The dermal skeleton is mainly composed of somewhat large smooth hypodermal oxypentacts, with oblique, inwardly directed tangential rays. On the outer surface numerous autodermal pentact pinuli occur, with rather long, smooth and pointed, basal tangential rays, while the relatively short distal ray bears, as in Hyalonema (Ijimaonema) globus, long, fine, upwardly bent lateral spines, and a knob-like external terminal portion with thick, somewhat pointed axial end, and so has a tufted appearance.
The somewhat large amphidiscs which are irregularly scattered in radial disposition within the external skin, exhibit a firm smooth axial rod with several (four or eight) radially projecting tubercles in the centre.
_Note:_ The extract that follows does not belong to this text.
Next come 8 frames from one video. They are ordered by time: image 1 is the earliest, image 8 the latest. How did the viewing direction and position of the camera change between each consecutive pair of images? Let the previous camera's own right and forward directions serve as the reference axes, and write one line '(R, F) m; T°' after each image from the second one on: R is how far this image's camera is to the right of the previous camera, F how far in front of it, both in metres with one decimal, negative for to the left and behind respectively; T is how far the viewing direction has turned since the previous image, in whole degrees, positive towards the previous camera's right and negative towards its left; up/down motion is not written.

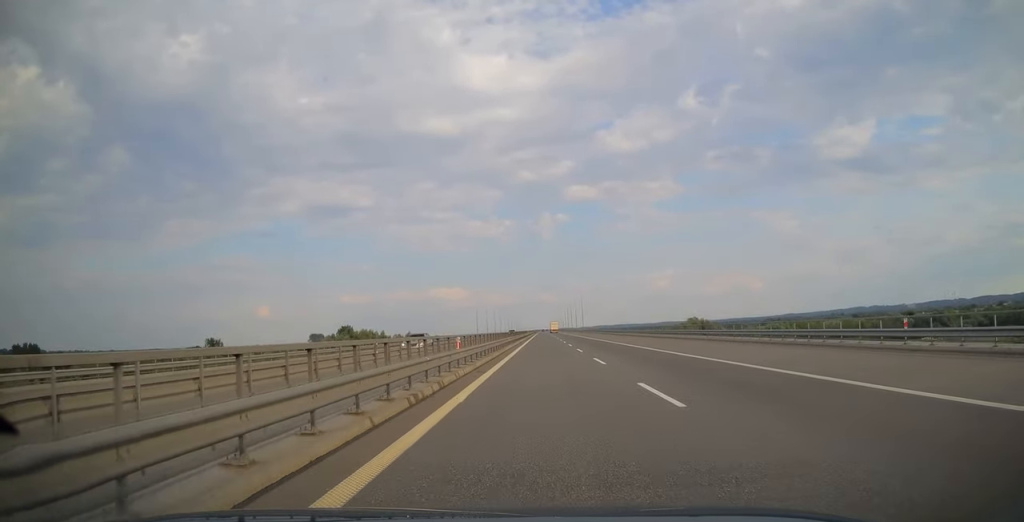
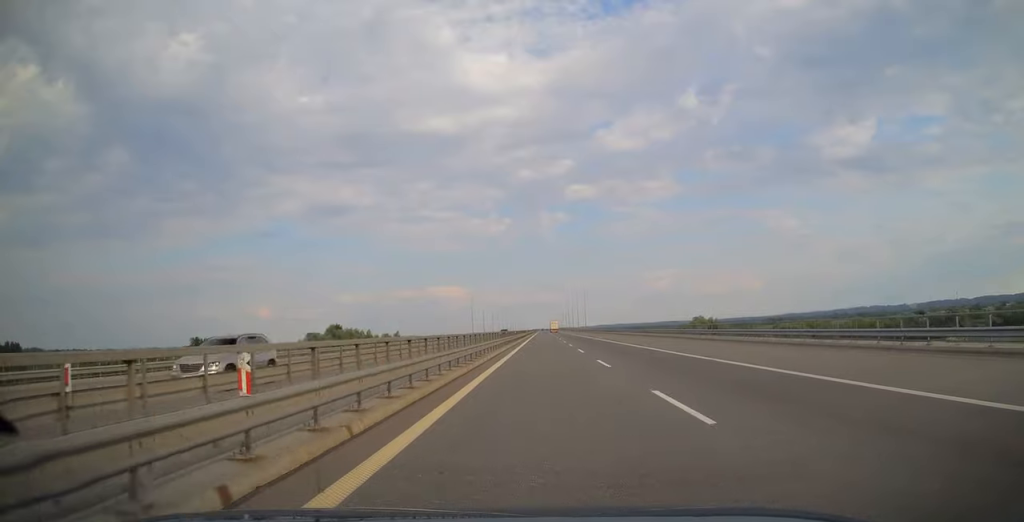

The bell-shaped terminal umbels are rather broad, and measure about one-fourth of the total length. They consist of eight broad shovel-shaped rays with lancet-like pointed ends. There is a much sparser occurrence of rather small elongated forms, with narrow umbel-rays. Very frequent, on the other hand, is the occurrence of the familiar small amphidiscs with ten- or twelve-rayed, short, hemispherical umbels.
In the gastral membrane and in the lining of the larger efferent canals the hypogastral oxypentacts are absent, but strands of oxydiacts of various thickness, with or without central thickening and projecting nodes occur abundantly. The autogatral pentact pinuli are strikingly distant from one another, and bear long, pointed, somewhat spinose basal rays, and a rather long spindle-shaped, thickened proximal with short, almost scale-like teeth. Small amphidiscs with twelve- or more rayed, short, hemispherical umbels occur abundantly in the gastral membrane. The cuff-like limiting fringe round the sharply defined oscular margin consists of oxydiacts, almost 1 mm long, in which the proximal ray is quite smooth and simple, and uniformly narrowed into a sharp point, while the free distal ray, close above the smooth inner portion, is beset in fir-tree like fashion with scale-like or pointed spines, projecting obliquely outwards, and also exhibits a spindle-shaped thickening.